▶ _Work to be completed_:
Repeat every entry word for word. Images do not belong in the copy.

▶ _Recorded data_:
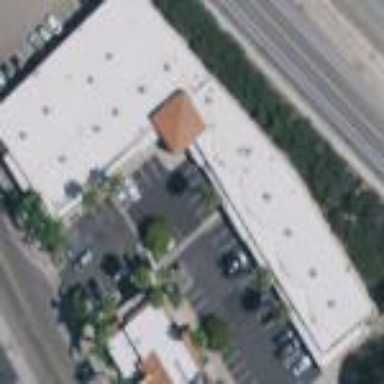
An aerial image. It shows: Commercial building.
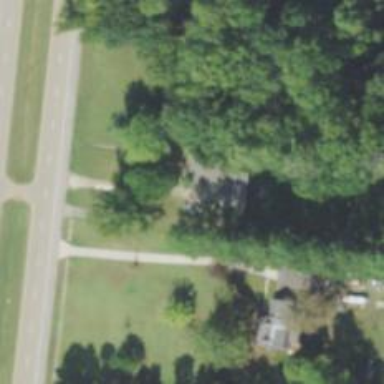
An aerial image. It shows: Driveway leading to service road.
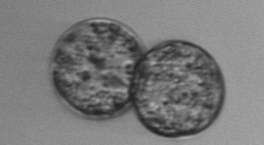
Label: Thalassiosira
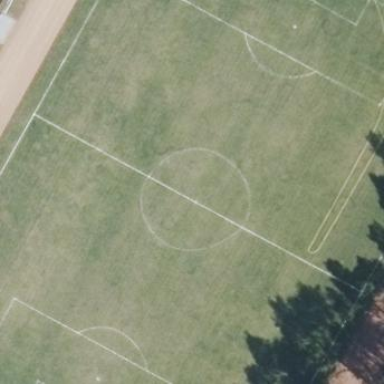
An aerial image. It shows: Soccer pitch for leisure land activities.
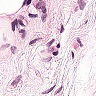
Metastatic tissue present: yes
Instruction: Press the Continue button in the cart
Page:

▶ _Written solution_:
An aerial image. It shows: Commercial building.
An aerial image. It shows: Driveway leading to service road.
Label: Thalassiosira
An aerial image. It shows: Soccer pitch for leisure land activities.
Metastatic tissue present: yes
Instruction: Press the Continue button in the cart
Page:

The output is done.